L’analisi seminale, quindi, esprime quanto il campione esaminato si discosta dai parametri di normalità informando altresì il medico curante sulle patologie eventualmente presenti.

Anche la condizione di azoospermia (assenza di spermatozoi nell’eiaculato) non è più una diagnosi di sterilità.

Allo stato delle attuali conoscenze scientifiche un individuo può essere definito sterile solo quando sia dimostrato che non è possibile ottenere, dall’eiaculato o attraverso interventi di esplorazione chirurgica dei testicoli ed epididimi, gameti (spermatozoi) utilizzabili con le moderne tecniche di fecondazione extracorporea (fecondazione in vitro).

Un solo spermiogramma è in ogni caso insufficiente a definire la situazione del paziente; ne occorrono almeno due eseguiti con un intervallo compreso tra le due e le quattro settimane.

La spermatogenesi (cioè il processo di produzione degli spermatozoi), rappresenta, infatti, una specie di indicatore della salute dell’individuo riferita ai tre mesi precedenti l’esame, tempo necessario perché si concluda il ciclo di maturazione degli spermatozoi.

Il motivo di questa indicazione risiede nel fatto che la produzione di spermatozoi spesso è assai variabile anche nel soggetto sano.

In base ai parametri definiti dall’Organizzazione Mondiale della Sanità (ultimo aggiornamento del 1999), uno spermiogramma deve comprendere la valutazione di un numero di parametri al di sotto dei quali non è consigliato scendere per non incorrere in una valutazione diagnostica errata o comunque troppo parziale.

Di seguito se commentano alcuni.

Fluidificazione e viscosità: l’alterazione di questi parametri è legata prevalentemente a fenomeni infiammatori del tratto genito-urinario.

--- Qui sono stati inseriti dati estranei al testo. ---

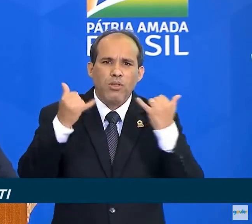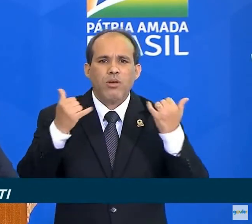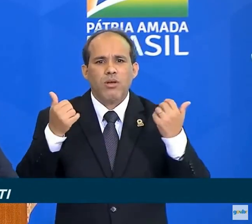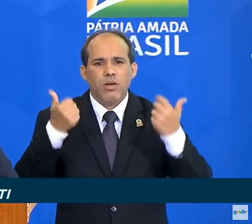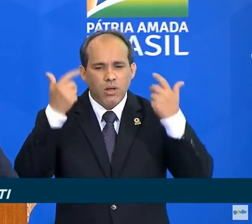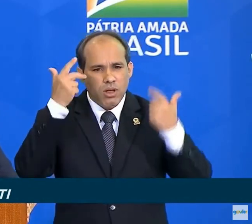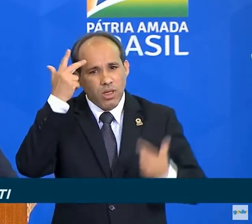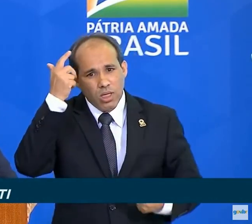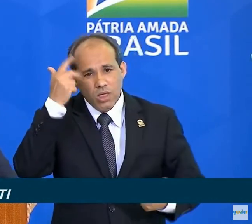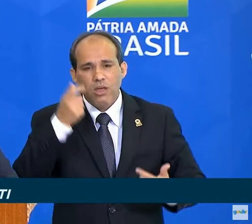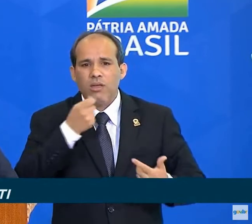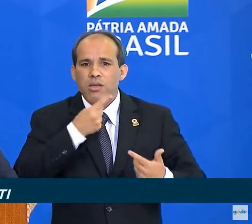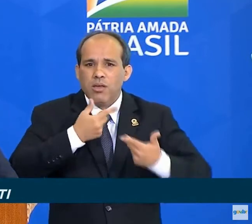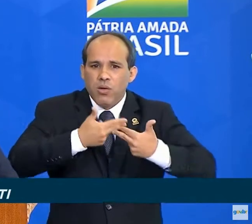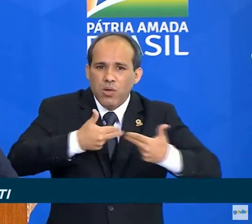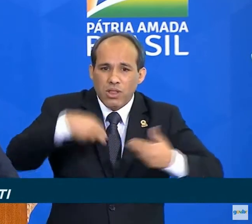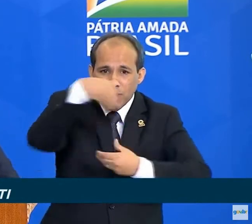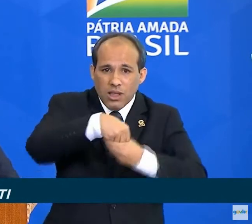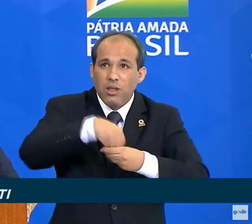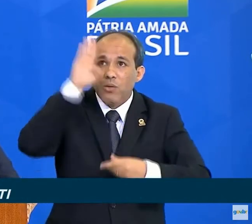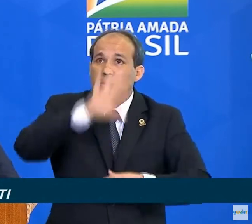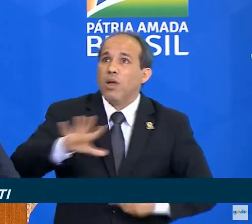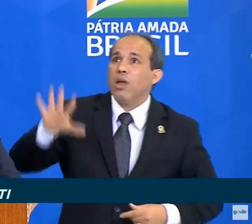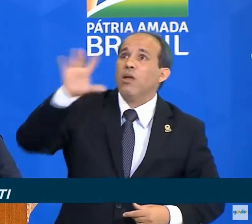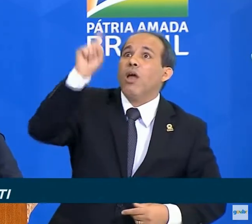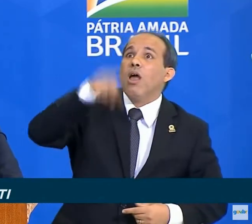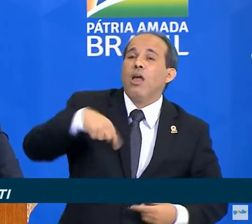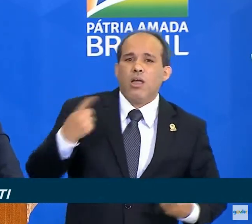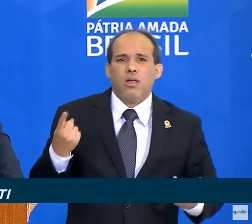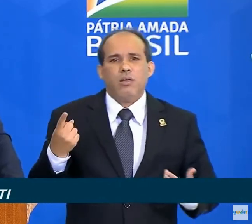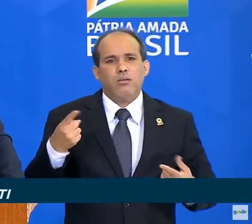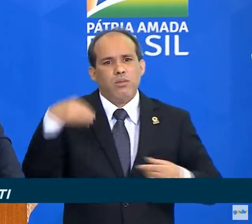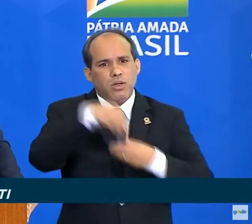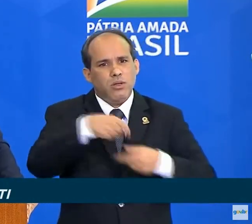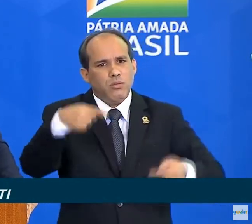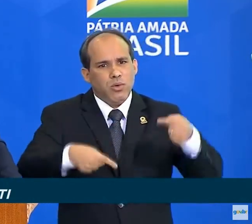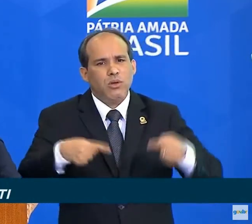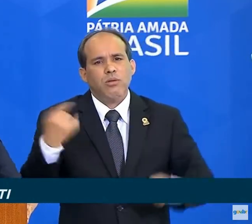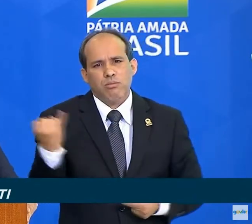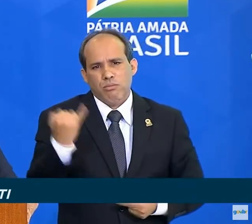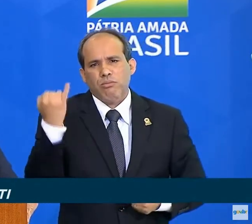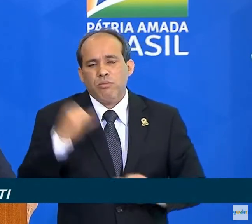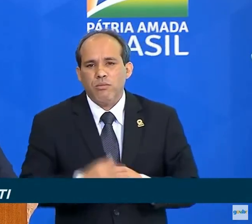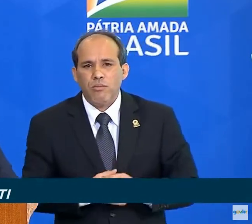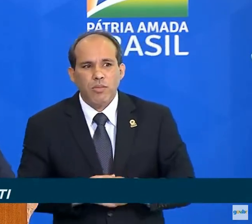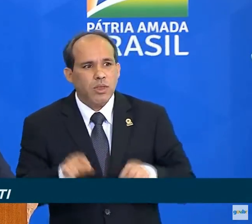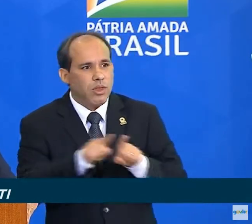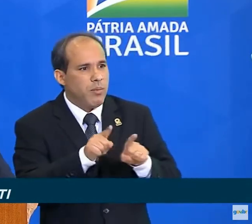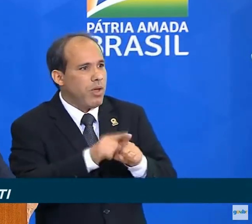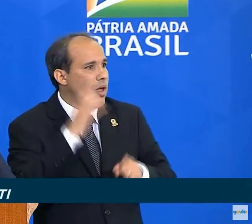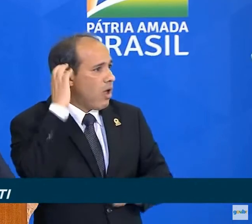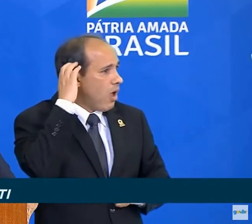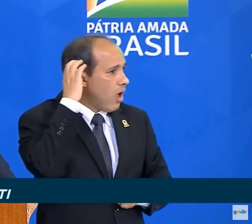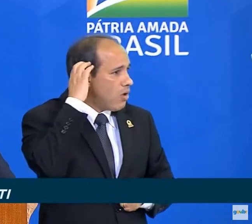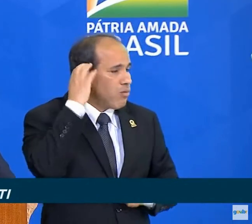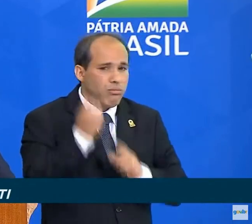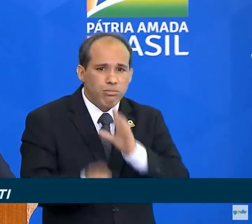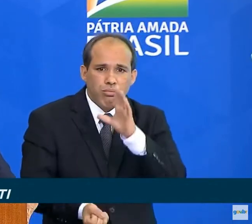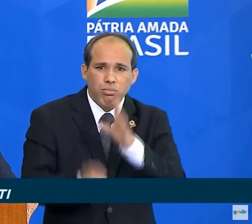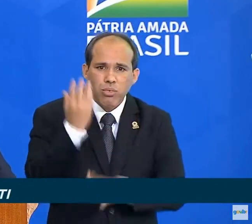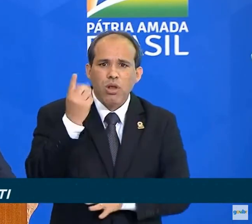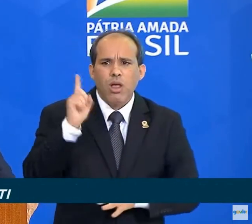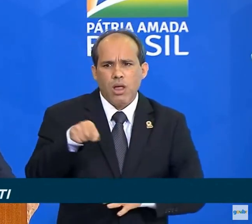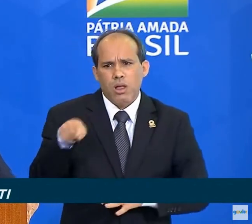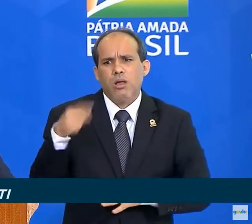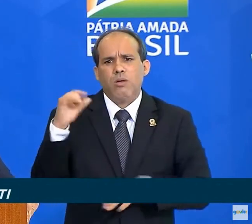nacional, são verticais importantes de política pública. Assim como a rádio, veículo poderoso,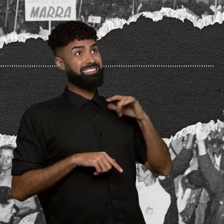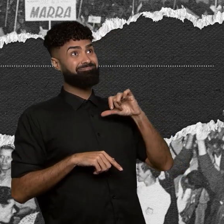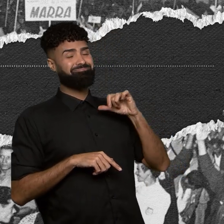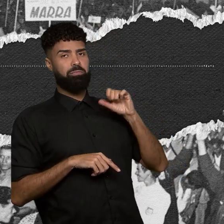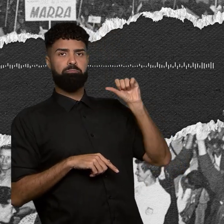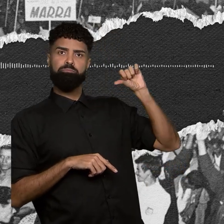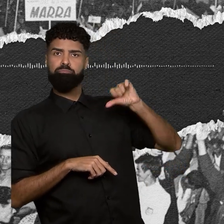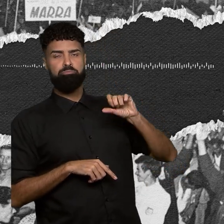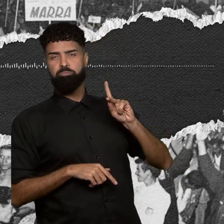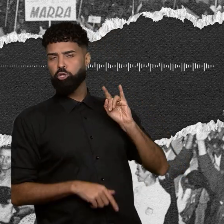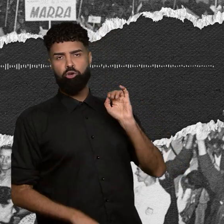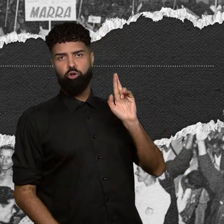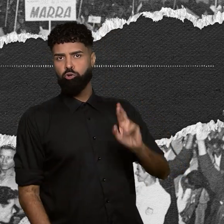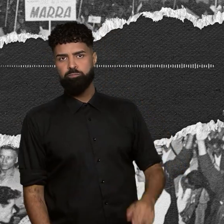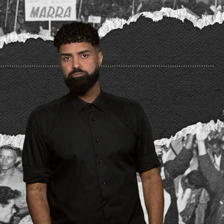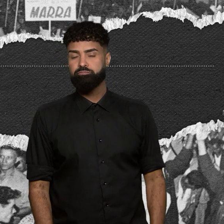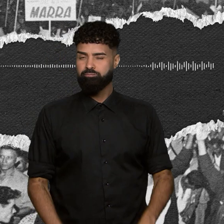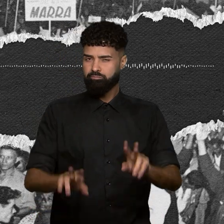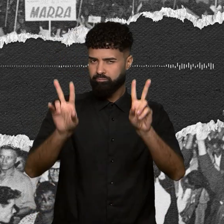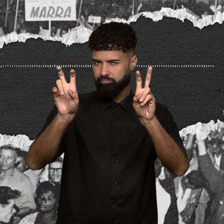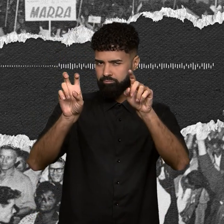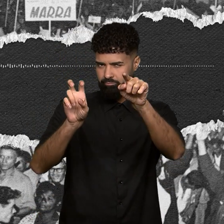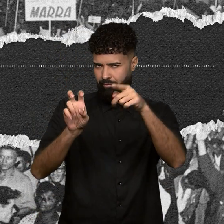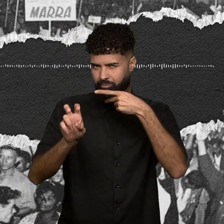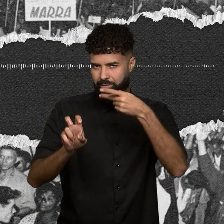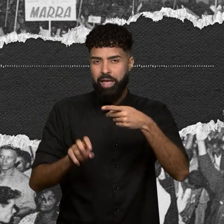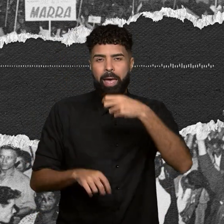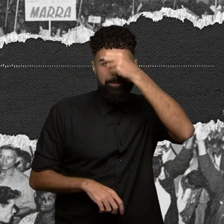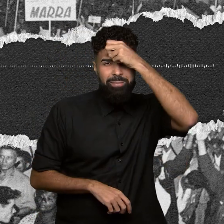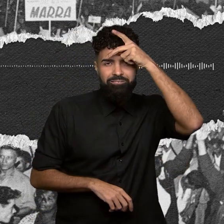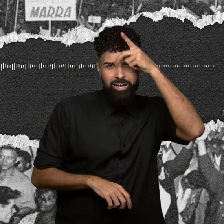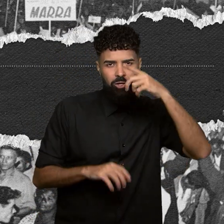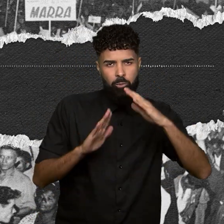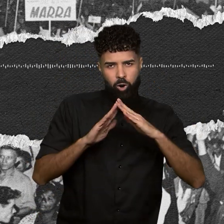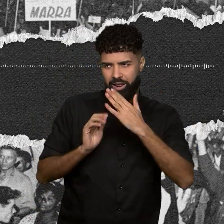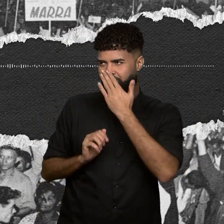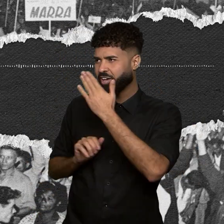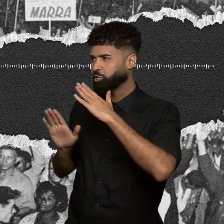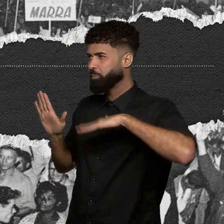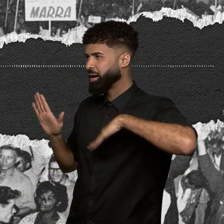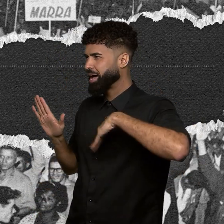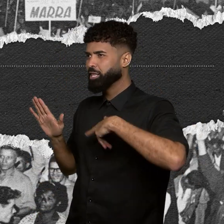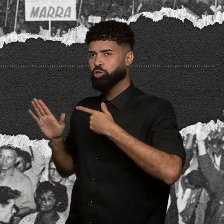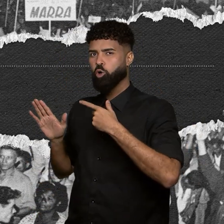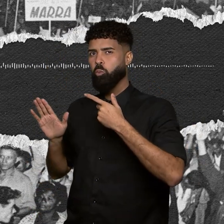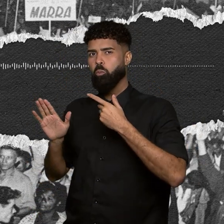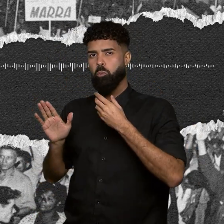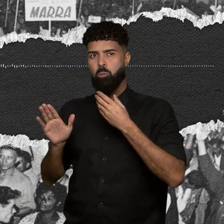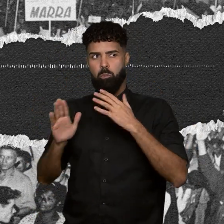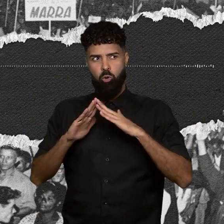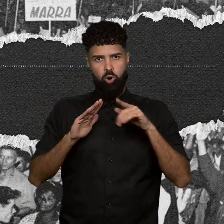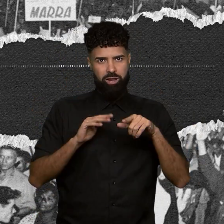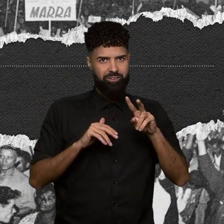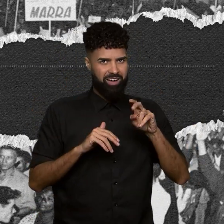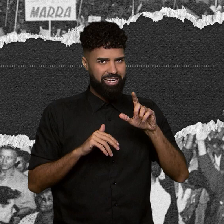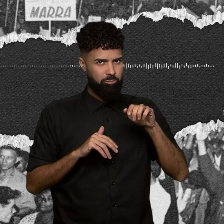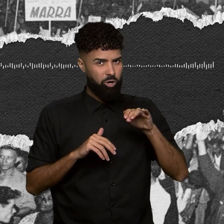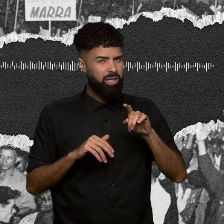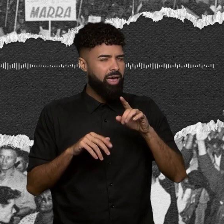E vamos abrir um parênteses. Sabe o prefeito que morava de frente para o mar e não no Vale da Morte? Tem um detalhe importante. Ele não era

Aspetto, volume, pH: il liquido seminale normale ha un aspetto grigio opalescente omogeneo. Il volume viene considerato normale se maggiore o uguale a 2 ml. Volumi inferiori a 0,5 ml (ipoposia) fanno pensare ad alterazioni del meccanismo dell’eiaculazione.
Il pH, valore che indica il tasso di acidità del liquido seminale, dovrà essere compreso tra 6,4 e 8,0. Un valore > 8,0 può essere indicativo di patologie flogistiche, mentre un valore inferiore a 6,0 potrebbe indurre al sospetto di patologie ostruttive o ad una agenesia dei deferenti.

Concentrazione: per quanto riguarda la concentrazione degli spermatozoi è stato generalmente accettato come valore limite di riferimento 20 milioni di spermatozoi/ml. Si parla di valore di riferimento e non di valore di normalità perché questo numero di spermatozoi indicato non corrisponde al numero minimo di spermatozoi necessario per il concepimento sia nella fertilizzazione in vivo che nella fertilizzazione in vitro. Se il valore è inferiore a 1 milione/ml di eiaculato si parla di criptozoospermia, se è inferiore a 20 milioni/ml si parla di oligospermia, se è superiore a 250 milioni/ml si parla di polizoospermia. Qualora la concentrazione degli spermatozoi nell’eiaculato risulti estremamente ridotta (meno di 400 spermatozoi/ml), è estremamente difficile ritrovarne nell’esame microscopico diretto. In questi casi si procede alla concentrazione della parte corpuscolata del liquido seminale per centrifugazione e si analizza il sedimento. Il campione viene classificato come azoospermico quando non si trova neppure uno spermatozoo in tutto il sedimento.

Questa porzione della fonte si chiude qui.